You open your web browser and go to https://yahoo.com.

Your computer has no idea what a yahoo.com is, but it does know what an IP address is, and DNS translates hostnames (yahoo.com) to an IP address.

Your computer, under the hood, uses the IP address associated with yahoo.com and sends you on your merry way.

The problem with traditional DNS

However, DNS queries/responses are sent in plain text by default.

Easy to troubleshoot, but also easy to see/manipulate for any bad actor.

As you can see from the packet capture snippet below, DNS queries/responses are very easy to read.

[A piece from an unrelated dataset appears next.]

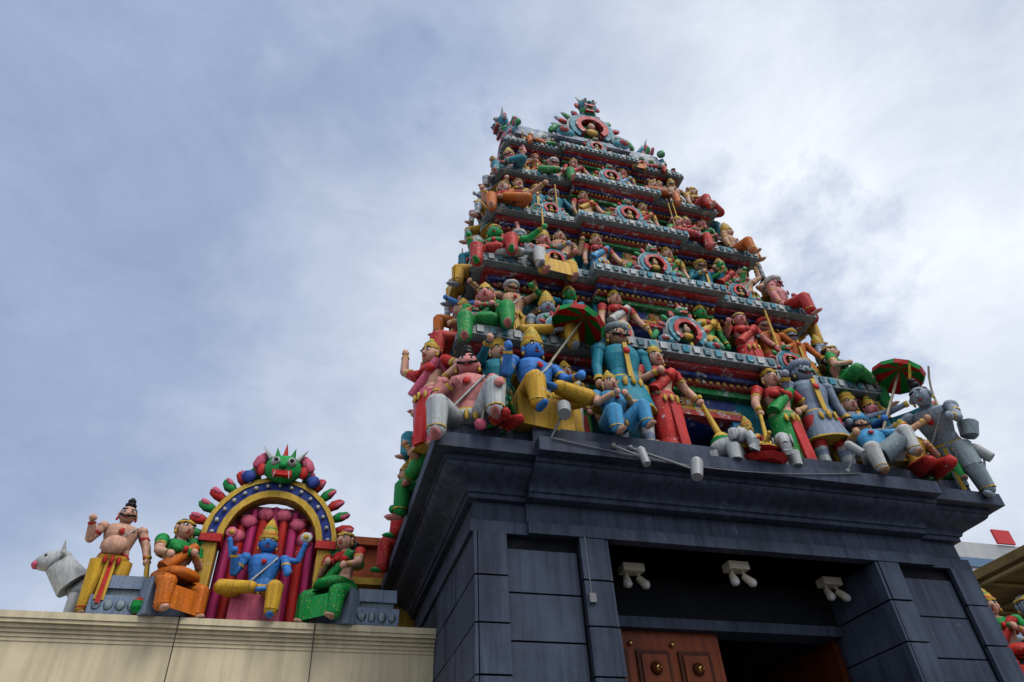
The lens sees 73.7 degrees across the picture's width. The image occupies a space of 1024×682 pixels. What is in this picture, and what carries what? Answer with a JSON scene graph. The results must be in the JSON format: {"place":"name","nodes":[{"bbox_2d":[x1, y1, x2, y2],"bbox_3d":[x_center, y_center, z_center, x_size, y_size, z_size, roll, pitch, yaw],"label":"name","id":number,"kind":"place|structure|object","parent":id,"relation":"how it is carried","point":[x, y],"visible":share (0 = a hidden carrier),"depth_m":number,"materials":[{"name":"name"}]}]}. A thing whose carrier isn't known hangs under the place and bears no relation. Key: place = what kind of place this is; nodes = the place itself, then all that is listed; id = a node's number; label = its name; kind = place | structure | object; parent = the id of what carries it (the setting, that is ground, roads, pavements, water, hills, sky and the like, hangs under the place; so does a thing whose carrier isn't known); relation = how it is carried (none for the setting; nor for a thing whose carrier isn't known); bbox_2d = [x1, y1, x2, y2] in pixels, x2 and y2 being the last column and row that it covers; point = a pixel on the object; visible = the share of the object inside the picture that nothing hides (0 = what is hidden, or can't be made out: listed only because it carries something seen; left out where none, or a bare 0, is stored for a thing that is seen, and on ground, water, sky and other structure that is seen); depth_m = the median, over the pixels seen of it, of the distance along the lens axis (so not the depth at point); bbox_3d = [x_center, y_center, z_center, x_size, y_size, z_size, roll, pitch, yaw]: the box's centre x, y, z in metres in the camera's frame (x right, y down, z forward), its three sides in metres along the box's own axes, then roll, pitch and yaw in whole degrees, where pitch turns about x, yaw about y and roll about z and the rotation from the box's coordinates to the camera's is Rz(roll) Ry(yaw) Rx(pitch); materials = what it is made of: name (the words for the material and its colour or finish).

Unencrypted DNS query/resposne

No big deal, but you have some Internet Service Providers (ISP) that track this information, and sell it to advertisers.

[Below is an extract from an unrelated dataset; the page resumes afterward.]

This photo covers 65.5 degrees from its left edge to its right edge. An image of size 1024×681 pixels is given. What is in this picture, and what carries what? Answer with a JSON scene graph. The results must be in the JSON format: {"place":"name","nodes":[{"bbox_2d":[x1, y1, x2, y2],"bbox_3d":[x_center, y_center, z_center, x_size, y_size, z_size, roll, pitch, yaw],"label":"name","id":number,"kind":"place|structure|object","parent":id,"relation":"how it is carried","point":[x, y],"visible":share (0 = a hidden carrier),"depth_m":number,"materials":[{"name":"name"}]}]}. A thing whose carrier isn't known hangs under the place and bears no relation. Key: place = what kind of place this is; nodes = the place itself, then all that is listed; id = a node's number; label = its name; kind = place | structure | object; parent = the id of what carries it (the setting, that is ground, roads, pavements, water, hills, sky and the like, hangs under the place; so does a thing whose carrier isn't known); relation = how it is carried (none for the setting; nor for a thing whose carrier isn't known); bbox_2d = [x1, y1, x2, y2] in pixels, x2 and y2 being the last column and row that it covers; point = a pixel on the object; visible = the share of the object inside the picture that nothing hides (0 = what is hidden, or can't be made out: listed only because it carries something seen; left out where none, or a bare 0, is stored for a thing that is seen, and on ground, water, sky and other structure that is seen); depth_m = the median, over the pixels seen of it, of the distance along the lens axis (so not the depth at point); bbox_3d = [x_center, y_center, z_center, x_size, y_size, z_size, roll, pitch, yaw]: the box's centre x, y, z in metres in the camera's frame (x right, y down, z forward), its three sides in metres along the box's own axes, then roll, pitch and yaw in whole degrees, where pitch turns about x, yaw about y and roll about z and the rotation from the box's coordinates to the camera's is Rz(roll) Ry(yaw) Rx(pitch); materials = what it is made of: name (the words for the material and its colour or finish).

Worse, unencrypted DNS traffic can be intercepted and misdirected.

For example, if you wanted to go to your online bank website, and a bad actor intercepted the DNS query, they would provide an IP address that would send you to a website that looks like your bank's website, but is actually a fraudulent website, trying to extract personal information.

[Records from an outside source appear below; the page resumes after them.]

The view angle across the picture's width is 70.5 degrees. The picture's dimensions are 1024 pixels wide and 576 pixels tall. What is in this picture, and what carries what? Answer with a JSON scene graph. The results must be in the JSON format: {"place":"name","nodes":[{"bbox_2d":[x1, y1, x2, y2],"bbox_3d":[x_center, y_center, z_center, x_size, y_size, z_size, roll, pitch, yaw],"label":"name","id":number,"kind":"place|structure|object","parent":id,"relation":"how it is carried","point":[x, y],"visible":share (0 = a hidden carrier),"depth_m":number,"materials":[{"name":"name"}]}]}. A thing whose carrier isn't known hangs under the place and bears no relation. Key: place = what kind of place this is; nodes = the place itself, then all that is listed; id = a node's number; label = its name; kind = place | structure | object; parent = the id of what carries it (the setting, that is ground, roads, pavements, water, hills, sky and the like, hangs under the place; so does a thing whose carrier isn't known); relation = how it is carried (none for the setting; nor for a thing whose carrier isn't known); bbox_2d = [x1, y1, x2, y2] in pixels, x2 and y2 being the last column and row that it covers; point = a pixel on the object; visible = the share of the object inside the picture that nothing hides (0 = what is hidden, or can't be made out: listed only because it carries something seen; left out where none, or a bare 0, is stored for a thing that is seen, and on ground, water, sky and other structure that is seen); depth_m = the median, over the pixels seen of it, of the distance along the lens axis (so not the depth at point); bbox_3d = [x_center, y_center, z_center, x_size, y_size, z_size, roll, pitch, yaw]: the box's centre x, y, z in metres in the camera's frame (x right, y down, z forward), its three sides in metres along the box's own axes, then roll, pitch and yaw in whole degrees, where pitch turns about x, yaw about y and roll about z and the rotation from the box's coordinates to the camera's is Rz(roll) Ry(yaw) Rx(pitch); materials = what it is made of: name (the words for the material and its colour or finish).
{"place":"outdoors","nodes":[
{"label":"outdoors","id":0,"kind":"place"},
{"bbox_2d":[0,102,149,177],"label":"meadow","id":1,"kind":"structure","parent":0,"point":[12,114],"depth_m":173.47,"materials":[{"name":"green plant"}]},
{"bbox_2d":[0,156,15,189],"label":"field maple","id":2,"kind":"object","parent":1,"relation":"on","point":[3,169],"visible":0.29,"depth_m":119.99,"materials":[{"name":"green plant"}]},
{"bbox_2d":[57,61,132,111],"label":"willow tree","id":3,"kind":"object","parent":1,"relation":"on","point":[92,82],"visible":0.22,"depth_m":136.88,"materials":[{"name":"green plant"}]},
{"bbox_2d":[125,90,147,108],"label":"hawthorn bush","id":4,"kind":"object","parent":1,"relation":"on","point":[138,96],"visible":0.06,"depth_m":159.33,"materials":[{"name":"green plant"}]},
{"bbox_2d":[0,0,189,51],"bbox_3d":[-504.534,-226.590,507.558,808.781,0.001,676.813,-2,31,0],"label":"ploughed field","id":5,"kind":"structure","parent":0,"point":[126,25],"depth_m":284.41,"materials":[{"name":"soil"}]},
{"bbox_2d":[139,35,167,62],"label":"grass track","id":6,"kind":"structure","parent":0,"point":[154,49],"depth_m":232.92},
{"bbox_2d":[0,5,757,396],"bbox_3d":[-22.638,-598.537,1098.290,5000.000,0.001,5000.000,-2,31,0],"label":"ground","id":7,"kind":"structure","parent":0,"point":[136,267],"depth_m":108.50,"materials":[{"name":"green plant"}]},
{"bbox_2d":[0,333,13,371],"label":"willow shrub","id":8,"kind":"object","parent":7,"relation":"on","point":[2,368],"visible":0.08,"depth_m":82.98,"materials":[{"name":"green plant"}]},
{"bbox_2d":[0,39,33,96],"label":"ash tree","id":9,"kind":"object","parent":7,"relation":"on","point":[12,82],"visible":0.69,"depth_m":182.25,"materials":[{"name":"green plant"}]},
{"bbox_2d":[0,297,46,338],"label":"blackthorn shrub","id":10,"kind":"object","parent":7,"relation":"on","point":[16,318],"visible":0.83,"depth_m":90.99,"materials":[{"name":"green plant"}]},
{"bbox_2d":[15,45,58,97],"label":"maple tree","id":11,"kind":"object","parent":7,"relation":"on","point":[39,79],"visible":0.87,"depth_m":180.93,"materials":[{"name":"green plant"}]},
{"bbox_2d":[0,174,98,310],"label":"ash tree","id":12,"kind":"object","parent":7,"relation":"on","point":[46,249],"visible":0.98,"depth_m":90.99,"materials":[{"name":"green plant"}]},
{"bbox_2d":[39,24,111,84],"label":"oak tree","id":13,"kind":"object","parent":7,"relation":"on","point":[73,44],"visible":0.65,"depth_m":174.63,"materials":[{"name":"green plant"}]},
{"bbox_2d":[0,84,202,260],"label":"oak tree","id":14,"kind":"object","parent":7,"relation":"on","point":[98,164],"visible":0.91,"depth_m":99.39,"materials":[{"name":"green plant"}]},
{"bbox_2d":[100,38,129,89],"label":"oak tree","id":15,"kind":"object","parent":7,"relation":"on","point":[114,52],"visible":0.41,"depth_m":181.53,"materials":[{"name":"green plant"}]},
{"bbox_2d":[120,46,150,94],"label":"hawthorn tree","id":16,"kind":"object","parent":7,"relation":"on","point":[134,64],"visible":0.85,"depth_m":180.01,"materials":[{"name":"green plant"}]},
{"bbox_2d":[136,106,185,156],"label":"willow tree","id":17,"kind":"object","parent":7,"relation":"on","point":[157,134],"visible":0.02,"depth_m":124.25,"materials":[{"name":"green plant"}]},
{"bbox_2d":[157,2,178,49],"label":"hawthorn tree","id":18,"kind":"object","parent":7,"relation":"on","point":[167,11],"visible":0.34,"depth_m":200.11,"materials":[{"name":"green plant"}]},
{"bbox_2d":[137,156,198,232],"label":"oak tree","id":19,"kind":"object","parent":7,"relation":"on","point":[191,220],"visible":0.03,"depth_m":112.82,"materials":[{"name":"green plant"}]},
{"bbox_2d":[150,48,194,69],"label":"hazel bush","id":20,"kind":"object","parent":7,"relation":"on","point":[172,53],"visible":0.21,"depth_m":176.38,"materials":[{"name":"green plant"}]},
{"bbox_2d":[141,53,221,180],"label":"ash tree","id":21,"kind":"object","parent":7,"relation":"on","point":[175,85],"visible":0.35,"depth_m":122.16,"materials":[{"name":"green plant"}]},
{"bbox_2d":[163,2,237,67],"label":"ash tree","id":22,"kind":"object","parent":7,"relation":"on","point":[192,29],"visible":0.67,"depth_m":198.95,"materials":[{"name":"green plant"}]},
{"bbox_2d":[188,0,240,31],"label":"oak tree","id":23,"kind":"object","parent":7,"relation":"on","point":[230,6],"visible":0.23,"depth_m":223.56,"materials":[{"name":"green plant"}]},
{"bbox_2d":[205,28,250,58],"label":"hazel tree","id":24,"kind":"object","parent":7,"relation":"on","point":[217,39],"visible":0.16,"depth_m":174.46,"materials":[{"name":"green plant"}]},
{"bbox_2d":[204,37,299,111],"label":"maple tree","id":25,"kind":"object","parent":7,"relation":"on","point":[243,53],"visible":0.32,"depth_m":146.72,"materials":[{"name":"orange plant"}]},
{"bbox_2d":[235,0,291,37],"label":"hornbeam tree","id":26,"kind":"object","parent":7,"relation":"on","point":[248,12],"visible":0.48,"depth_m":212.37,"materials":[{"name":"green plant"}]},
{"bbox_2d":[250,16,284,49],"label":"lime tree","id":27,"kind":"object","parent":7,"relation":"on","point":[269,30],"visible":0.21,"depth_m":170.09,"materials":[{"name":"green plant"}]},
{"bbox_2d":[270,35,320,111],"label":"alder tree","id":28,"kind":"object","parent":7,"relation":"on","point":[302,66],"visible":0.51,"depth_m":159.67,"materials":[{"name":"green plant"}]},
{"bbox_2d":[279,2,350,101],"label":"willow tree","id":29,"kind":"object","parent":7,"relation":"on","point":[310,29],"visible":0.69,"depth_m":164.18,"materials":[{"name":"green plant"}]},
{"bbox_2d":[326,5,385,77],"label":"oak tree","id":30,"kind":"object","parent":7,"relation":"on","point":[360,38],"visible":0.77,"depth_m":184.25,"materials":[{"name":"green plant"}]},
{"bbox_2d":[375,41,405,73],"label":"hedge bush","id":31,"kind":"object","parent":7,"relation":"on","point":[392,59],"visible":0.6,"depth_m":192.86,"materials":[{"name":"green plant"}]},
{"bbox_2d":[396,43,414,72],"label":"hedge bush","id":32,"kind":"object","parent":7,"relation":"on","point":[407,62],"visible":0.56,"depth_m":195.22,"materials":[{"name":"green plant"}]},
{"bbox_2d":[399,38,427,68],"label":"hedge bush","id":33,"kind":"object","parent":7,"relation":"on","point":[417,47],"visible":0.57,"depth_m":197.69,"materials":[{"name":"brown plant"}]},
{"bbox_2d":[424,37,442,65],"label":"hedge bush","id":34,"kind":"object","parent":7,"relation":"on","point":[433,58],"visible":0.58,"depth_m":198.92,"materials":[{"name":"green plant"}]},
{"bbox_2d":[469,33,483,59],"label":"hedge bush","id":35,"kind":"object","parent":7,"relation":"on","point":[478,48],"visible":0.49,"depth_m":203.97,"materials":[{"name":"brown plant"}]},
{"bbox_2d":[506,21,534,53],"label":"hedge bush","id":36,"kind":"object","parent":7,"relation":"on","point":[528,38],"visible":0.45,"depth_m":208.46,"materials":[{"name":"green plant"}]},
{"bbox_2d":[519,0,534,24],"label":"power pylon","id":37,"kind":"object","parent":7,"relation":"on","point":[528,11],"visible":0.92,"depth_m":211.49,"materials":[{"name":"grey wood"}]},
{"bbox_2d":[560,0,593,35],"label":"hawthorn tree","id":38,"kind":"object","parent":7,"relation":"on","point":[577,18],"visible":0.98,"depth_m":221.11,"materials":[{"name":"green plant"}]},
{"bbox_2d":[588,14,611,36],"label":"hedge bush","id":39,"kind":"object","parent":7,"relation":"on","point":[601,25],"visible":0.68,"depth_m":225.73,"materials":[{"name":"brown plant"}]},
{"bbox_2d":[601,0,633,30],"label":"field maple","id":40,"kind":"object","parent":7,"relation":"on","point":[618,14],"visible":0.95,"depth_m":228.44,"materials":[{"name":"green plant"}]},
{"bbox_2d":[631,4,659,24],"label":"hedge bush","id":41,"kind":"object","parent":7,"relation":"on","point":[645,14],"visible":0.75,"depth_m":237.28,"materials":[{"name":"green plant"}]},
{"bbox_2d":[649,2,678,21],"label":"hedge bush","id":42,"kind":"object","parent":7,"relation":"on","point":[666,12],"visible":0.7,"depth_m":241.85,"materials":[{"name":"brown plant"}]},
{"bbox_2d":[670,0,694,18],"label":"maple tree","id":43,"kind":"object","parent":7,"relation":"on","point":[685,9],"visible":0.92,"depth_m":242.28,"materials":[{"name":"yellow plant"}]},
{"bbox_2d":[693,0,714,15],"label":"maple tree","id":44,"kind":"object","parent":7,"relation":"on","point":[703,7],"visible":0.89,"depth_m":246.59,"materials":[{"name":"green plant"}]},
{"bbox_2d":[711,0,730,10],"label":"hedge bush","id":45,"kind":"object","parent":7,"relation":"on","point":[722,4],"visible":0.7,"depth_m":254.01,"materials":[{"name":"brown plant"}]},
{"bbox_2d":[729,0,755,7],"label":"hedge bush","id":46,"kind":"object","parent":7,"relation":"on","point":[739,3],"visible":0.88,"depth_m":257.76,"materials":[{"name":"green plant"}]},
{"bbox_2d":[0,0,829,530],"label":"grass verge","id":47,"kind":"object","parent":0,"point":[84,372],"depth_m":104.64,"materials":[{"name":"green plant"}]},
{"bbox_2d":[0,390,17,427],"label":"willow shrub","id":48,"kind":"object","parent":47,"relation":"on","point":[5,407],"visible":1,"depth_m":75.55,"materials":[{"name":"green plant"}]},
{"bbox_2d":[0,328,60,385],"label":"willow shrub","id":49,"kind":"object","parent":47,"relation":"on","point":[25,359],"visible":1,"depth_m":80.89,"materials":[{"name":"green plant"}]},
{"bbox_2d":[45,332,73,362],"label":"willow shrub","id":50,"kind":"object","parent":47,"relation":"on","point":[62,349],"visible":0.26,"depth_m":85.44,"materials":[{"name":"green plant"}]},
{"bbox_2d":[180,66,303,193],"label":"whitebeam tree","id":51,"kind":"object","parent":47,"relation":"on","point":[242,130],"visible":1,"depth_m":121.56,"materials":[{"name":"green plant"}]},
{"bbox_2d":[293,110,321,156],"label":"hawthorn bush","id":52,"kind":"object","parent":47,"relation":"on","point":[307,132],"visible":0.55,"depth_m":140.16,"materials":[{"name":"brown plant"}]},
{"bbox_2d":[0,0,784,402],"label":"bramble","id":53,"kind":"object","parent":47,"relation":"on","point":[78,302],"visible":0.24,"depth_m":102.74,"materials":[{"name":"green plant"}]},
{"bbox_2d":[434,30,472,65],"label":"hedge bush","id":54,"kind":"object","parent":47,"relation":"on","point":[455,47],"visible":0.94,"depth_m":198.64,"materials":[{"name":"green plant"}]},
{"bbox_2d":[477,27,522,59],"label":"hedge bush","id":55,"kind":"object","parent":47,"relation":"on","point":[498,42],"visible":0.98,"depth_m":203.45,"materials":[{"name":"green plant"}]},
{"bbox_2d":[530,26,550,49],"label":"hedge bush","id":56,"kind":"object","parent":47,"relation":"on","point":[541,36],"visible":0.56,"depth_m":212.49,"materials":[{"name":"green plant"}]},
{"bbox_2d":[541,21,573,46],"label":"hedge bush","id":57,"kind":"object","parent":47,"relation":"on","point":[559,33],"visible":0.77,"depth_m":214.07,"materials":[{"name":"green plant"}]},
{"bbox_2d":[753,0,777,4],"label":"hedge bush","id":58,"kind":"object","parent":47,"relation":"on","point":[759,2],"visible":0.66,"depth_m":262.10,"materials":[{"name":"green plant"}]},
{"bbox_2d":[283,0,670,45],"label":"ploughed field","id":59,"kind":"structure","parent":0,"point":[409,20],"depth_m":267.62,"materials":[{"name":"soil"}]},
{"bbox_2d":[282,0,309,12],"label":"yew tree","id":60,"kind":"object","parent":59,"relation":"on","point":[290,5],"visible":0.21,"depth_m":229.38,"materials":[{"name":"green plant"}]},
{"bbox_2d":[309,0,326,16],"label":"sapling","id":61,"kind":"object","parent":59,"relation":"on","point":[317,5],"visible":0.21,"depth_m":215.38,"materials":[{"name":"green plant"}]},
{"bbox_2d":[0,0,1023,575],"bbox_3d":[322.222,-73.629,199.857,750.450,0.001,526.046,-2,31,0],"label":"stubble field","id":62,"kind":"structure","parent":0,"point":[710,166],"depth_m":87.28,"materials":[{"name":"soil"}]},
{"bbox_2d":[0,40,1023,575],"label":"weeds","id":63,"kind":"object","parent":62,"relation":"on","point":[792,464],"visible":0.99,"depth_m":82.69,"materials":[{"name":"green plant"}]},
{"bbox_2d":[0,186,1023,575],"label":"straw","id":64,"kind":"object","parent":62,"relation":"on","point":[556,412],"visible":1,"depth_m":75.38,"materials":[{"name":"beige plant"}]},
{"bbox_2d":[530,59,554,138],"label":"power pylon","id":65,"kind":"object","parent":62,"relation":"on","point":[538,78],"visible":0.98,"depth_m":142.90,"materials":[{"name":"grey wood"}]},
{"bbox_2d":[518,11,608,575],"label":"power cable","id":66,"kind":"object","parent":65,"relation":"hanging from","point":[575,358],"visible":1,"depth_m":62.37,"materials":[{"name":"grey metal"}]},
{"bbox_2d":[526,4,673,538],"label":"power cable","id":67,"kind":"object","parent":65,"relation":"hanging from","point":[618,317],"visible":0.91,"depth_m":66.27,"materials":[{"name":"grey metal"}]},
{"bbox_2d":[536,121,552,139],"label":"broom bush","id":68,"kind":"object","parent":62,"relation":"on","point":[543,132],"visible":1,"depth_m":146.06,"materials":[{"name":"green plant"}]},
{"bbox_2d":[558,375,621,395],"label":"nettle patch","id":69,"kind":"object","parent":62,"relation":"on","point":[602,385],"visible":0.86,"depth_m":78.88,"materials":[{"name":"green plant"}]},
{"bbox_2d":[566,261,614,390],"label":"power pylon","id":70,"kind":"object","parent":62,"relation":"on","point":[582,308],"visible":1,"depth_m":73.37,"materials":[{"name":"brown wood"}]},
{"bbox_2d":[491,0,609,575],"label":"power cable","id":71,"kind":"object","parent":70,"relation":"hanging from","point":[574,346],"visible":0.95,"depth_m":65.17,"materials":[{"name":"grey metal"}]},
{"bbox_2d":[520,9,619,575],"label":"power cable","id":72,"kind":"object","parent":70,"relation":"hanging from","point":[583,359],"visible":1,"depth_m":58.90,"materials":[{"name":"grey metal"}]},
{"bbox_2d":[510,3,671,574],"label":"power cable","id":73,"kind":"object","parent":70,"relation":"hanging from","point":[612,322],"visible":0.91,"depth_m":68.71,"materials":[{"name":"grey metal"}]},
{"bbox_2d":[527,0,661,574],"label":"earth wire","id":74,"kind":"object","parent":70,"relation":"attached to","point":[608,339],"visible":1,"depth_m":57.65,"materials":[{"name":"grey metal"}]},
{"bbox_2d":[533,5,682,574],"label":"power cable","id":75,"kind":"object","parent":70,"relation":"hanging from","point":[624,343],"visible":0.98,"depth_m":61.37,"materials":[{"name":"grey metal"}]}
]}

Hello DNS over HTTPS (DoH)

To prevent us from being tracked, and to secure out internet activity, we can implement DNS over HTTPS (DoH), which sends DNS queries/responses over HTTPS (encrypted).

Someone trying to snoop in on your DNS queries/responses after that is only going to see HTTPS data:

Encrypted DNS query/response

Traffic flow with DNS using DoH

Locally, your computer will send an unencrypted DNS request to the DNS server (Pi-hole), and Pi-hole, assuming it doesn't have an entry for that hostname already, will send an encrypted DNS (using DoH) query to our configured upstream DNS server (Cloudflare).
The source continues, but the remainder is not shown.